If any man personifies the rise of the victim it is Sir Keir Starmer. The prime minister has few fully formed political beliefs beyond a vague idea that human rights are good because the state can be very bad. Victims are mentioned 24 times in Labour’s most recent manifesto. For comparison, “pensioners” appear twice. At the party’s annual conference in Liverpool the Labour leader was introduced on stage by Margaret Aspinall, whose son died at Hillsborough. “This party was founded to hear working-class people like that,” said Sir Keir. “To look directly into the eyes of their suffering.” Labour once advanced their economic interests, now it manages their emotional needs.
It is, however, a hollow politics that leads to bad policy. Victims petrify politicians. They are apex stakeholders. Normal rules for decisions—risk, cost, proportionality—are thrown away when they are involved. What if a headline suggests ministers snubbed victims? Write the cheque. Civil servants, always cautious, become cowards. Campaigners know this. The unedifying spectacle of a grieving parent wheeled in front of cameras to push a particular policy, whether limits on smartphones or ninja swords, has become a political trump card.
Trade-offs are ignored when victims campaign. Martyn’s law, named after a victim of a suicide-bombing at a concert in Manchester in 2017, requires any venue that can hold more than 200 people to have an anti-terror plan, even if it is a village hall. It is likely to cost businesses about £170m ($225m) a year to comply and bring about £2m of benefits, mainly from lower crime. A careful balancing of interests is close to impossible if a victim’s mother is involved. “This would not have happened without your campaigning,” said Sir Keir at a meeting with Martyn’s mother, rightly.
Justice is often delayed in the name of victims. Inquiries are now sprawling affairs, with victims involved at every step. The result is a less nimble and more costly process (which the state will soon finance for any victim, thanks to a bill named after the Hillsborough disaster). Short, sharp inquiries have become impossible. One on covid-19 is in its third year, with costs projected to be over £200m. Yet victims rarely leave the process happy. Anyone responsible has probably left office; any advice is dangerously late. Placating victims potentially creates more. The state can harm when it is callous, and it can harm when it is trying to be kind.
From stiff upper lips to blubbering Blighty
Allowing victims a hallowed status in British politics ignores the fact that state failures are collective scandals. Hillsborough could easily have happened at another stadium to other fans. Grenfell was not the only tower caked in flammable material. Grooming gangs were so widespread that any vulnerable girl could have been dragged in. When victims play such a large role, what should be society’s problem becomes an individual one. What is left is a mangled Thatcherite philosophy: there is no such thing as society, only victims and their families.

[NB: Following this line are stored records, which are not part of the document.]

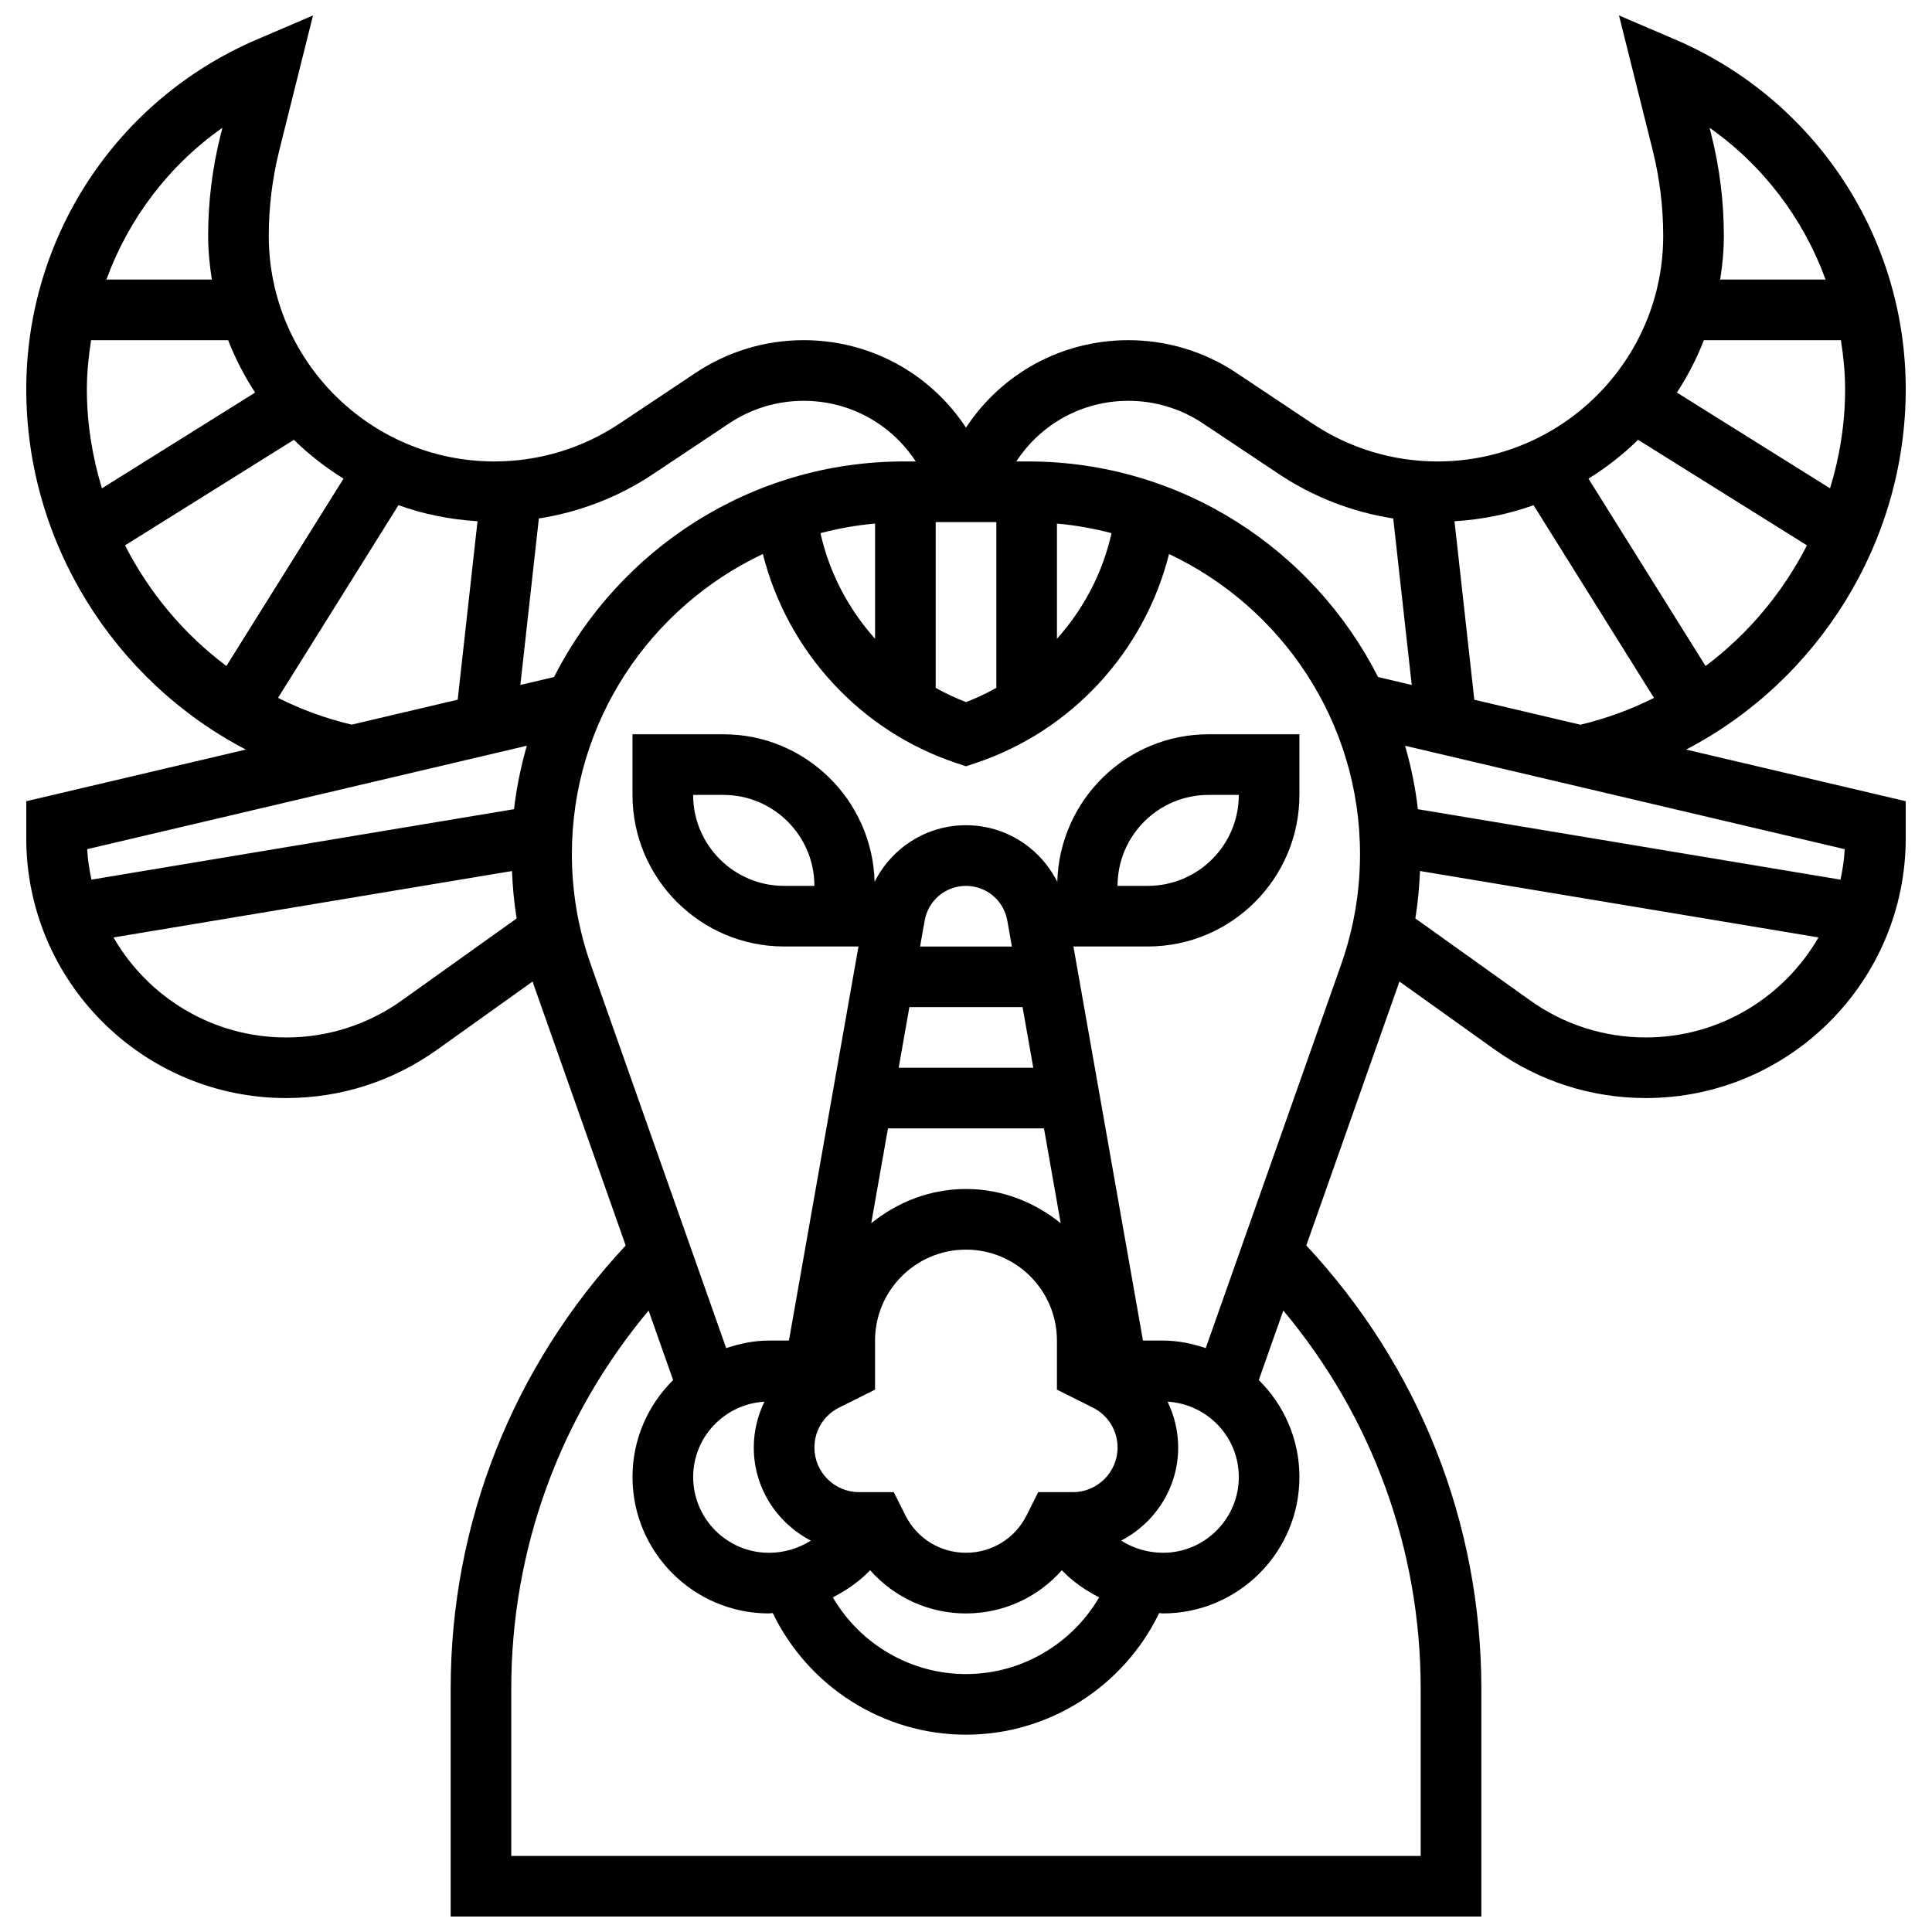 <?xml version="1.0" encoding="UTF-8"?>
<!-- Uploaded to: SVG Repo, www.svgrepo.com, Generator: SVG Repo Mixer Tools -->
<svg width="800px" height="800px" version="1.1" viewBox="144 144 512 512" xmlns="http://www.w3.org/2000/svg">
 <defs>
  <clipPath id="a">
   <path d="m150 148.09h500v503.81h-500z"/>
  </clipPath>
 </defs>
 <g clip-path="url(#a)">
  <path d="m649.04 247.14c0-40.387-23.98-76.762-61.102-92.668l-14.887-6.379 8.926 35.711c1.855 7.422 2.793 15.055 2.793 22.691 0 32.969-26.824 59.793-59.793 59.793-11.84 0-23.312-3.469-33.172-10.043l-20.125-13.418c-8.516-5.68-18.422-8.676-28.656-8.676-17.586 0-33.531 8.766-43.027 23.168-9.496-14.402-25.441-23.168-43.027-23.168-10.227 0-20.141 3.004-28.656 8.676l-20.125 13.418c-9.855 6.57-21.328 10.043-33.172 10.043-32.965 0.004-59.789-26.812-59.789-59.793 0-7.641 0.941-15.273 2.797-22.688l8.926-35.715-14.887 6.379c-37.125 15.906-61.105 52.281-61.105 92.668 0 40.633 23.32 77.34 58.195 95.504l-58.195 13.688v9.793c0 37.984 30.898 68.871 68.871 68.871 14.438 0 28.277-4.434 40.031-12.828l25.297-18.066c0.105 0.289 0.168 0.594 0.273 0.883l24.383 69.082c-29.859 32.035-46.383 73.488-46.383 117.47v60.371h273.14v-60.371c0-43.984-16.523-85.43-46.387-117.48l24.383-69.082c0.105-0.289 0.168-0.594 0.273-0.883l25.297 18.074c11.754 8.387 25.594 12.828 40.031 12.828 37.984 0 68.871-30.898 68.871-68.871v-9.793l-58.195-13.688c34.875-18.168 58.195-54.875 58.195-95.508zm-114.33 82.297-5.254-47.301c7.312-0.434 14.34-1.887 20.953-4.25l31.91 51.062c-6.121 3.078-12.652 5.473-19.496 7.109zm98.266-82.297c0 9.07-1.438 17.883-3.992 26.27l-40.594-25.379c2.852-4.332 5.238-8.98 7.156-13.875h36.32c0.652 4.266 1.109 8.582 1.109 12.984zm-5.176-29.051h-27.941c0.59-3.785 0.98-7.641 0.98-11.594 0-8.949-1.102-17.891-3.269-26.59l-0.516-2.047c14.207 9.992 24.859 24.09 30.746 40.23zm-49.688 42.465 44.754 27.973c-6.418 12.531-15.594 23.523-26.871 31.973l-31.035-49.648c4.75-2.961 9.176-6.391 13.152-10.297zm-135.08-10.332c7.047 0 13.875 2.066 19.746 5.977l20.125 13.418c9.207 6.137 19.523 10.098 30.32 11.785l4.902 44.121-8.918-2.098c-17.191-33.844-52.266-57.137-92.746-57.137h-3.125c6.527-9.977 17.539-16.066 29.695-16.066zm-67.129 63.066c-7.055-7.883-12.113-17.457-14.469-27.996 4.691-1.223 9.512-2.113 14.469-2.539zm16.066-30.93h16.07v43.938c-2.57 1.43-5.246 2.699-8.035 3.769-2.789-1.07-5.461-2.336-8.035-3.769zm32.133 0.395c4.957 0.434 9.777 1.316 14.469 2.539-2.356 10.539-7.414 20.117-14.469 27.996zm-106.99-13.137 20.125-13.418c5.863-3.914 12.691-5.977 19.746-5.977 12.156 0 23.168 6.082 29.707 16.066h-3.125c-40.488 0-75.555 23.289-92.746 57.137l-8.918 2.098 4.902-44.121c10.777-1.688 21.102-5.648 30.309-11.785zm-150.09-22.477c0-4.402 0.457-8.715 1.117-12.98h36.32c1.922 4.883 4.305 9.535 7.156 13.875l-40.602 25.379c-2.555-8.391-3.992-17.203-3.992-26.273zm35.918-69.281-0.512 2.055c-2.172 8.691-3.269 17.633-3.269 26.582 0 3.953 0.395 7.801 0.98 11.594h-27.941c5.887-16.141 16.539-30.238 30.742-40.23zm-25.809 110.67 44.754-27.973c3.977 3.906 8.402 7.328 13.152 10.289l-31.035 49.648c-11.281-8.441-20.453-19.43-26.871-31.965zm40.551 40.41 31.91-51.062c6.621 2.363 13.641 3.824 20.953 4.25l-5.254 47.301-28.109 6.613c-6.856-1.629-13.379-4.016-19.5-7.102zm65.934 12.691c-1.566 5.438-2.731 11.055-3.391 16.812l-111.99 18.672c-0.562-2.637-0.98-5.316-1.133-8.074zm-33.09 67.469c-9.012 6.434-19.625 9.84-30.695 9.84-19.547 0-36.625-10.684-45.75-26.504l105.6-17.602c0.184 4.219 0.547 8.41 1.238 12.566zm221.77 126.32c0 11.07-9.012 20.082-20.082 20.082-4 0-7.801-1.156-11.109-3.223 8.938-4.648 15.125-13.914 15.125-24.668 0-4.32-1.02-8.434-2.812-12.156 10.508 0.645 18.879 9.305 18.879 19.965zm-92.973-92.387h41.34l4.434 25.137c-6.902-5.582-15.562-9.07-25.105-9.07-9.543 0-18.203 3.488-25.105 9.07zm-12.957 73.996 9.527-4.762v-13c0-13.289 10.812-24.102 24.102-24.102s24.102 10.812 24.102 24.102v13l9.535 4.773c4.023 2.004 6.531 6.062 6.531 10.57 0 6.523-5.309 11.824-11.824 11.824h-9.207l-3.07 6.137c-3.062 6.129-9.215 9.93-16.066 9.93s-13.008-3.809-16.066-9.93l-3.07-6.137h-9.207c-6.523 0-11.824-5.309-11.824-11.824 0-4.508 2.504-8.566 6.539-10.582zm7.664 43.672 0.57-0.57c6.356 7.184 15.473 11.449 25.395 11.449s19.047-4.266 25.395-11.449l0.57 0.57c2.754 2.762 5.953 4.875 9.328 6.621-7.246 12.371-20.574 20.324-35.293 20.324s-28.055-7.953-35.293-20.324c3.375-1.746 6.562-3.859 9.328-6.621zm10.965-149.8h29.996l2.836 16.066h-35.668zm2.836-16.066 1.215-6.875c0.941-5.328 5.543-9.191 10.949-9.191s10.012 3.863 10.949 9.191l1.215 6.875zm-28.945 157.45c-3.309 2.074-7.109 3.223-11.109 3.223-11.07 0-20.082-9.012-20.082-20.082 0-10.66 8.379-19.328 18.879-19.965-1.793 3.719-2.816 7.84-2.816 12.156 0 10.754 6.188 20.02 15.129 24.668zm161.61 39.262v44.305h-241.01v-44.305c0-37.043 12.887-72.125 36.398-100.23l6.5 18.422c-6.637 6.555-10.766 15.641-10.766 25.684 0 19.93 16.219 36.152 36.152 36.152 0.344 0 0.668-0.09 1.012-0.098 9.43 19.465 29.195 32.23 51.207 32.23s41.781-12.766 51.207-32.23c0.336 0.008 0.668 0.098 1.012 0.098 19.93 0 36.152-16.219 36.152-36.152 0-10.051-4.129-19.137-10.773-25.691l6.5-18.422c23.52 28.102 36.406 63.191 36.406 100.23zm-21.09-191.91-35.871 101.63c-3.582-1.195-7.352-2-11.328-2h-5.309l-18.43-104.44h19.723c22.148 0 40.168-18.02 40.168-40.168v-16.066h-24.102c-21.785 0-39.484 17.465-40.062 39.109-4.516-8.988-13.695-15.008-24.207-15.008-10.508 0-19.691 6.023-24.207 15.008-0.578-21.652-18.277-39.109-40.062-39.109h-24.102v16.066c0 22.148 18.02 40.168 40.168 40.168h19.723l-18.43 104.44h-5.305c-3.984 0-7.746 0.805-11.328 2l-35.871-101.63c-3.332-9.43-5.019-19.281-5.019-29.281 0-35.141 20.758-65.449 50.613-79.539 6.469 25.715 25.699 46.883 51.277 55.406l2.547 0.852 2.539-0.844c25.578-8.523 44.812-29.691 51.277-55.406 29.852 14.09 50.613 44.402 50.613 79.539 0.004 9.992-1.684 19.844-5.016 29.273zm-59.246-20.871c0-13.289 10.812-24.102 24.102-24.102h8.035c0 13.289-10.812 24.102-24.102 24.102zm-80.336 0h-8.035c-13.289 0-24.102-10.812-24.102-24.102h8.035c13.285 0 24.102 10.812 24.102 24.102zm220.34 40.168c-11.07 0-21.684-3.398-30.695-9.832l-30.391-21.707c0.691-4.144 1.051-8.348 1.238-12.566l105.6 17.602c-9.137 15.828-26.215 26.504-45.754 26.504zm51.59-41.816-112-18.672c-0.66-5.769-1.824-11.375-3.391-16.812l116.51 27.41c-0.145 2.758-0.562 5.441-1.125 8.074z"/>
 </g>
</svg>

In this way British politics becomes an autocracy of lived experience, in which politicians advise and victims decide. For a politician as vapid as Sir Keir or as cynical as Mr Farage perhaps this is no bad thing. A world in which rape victims are compelled to argue with each other over the future of a government minister, cheered on by elected politicians, is a depressing one. But it is the one Britain inhabits. It is a final dereliction of duty to people the state has already failed once and now does again.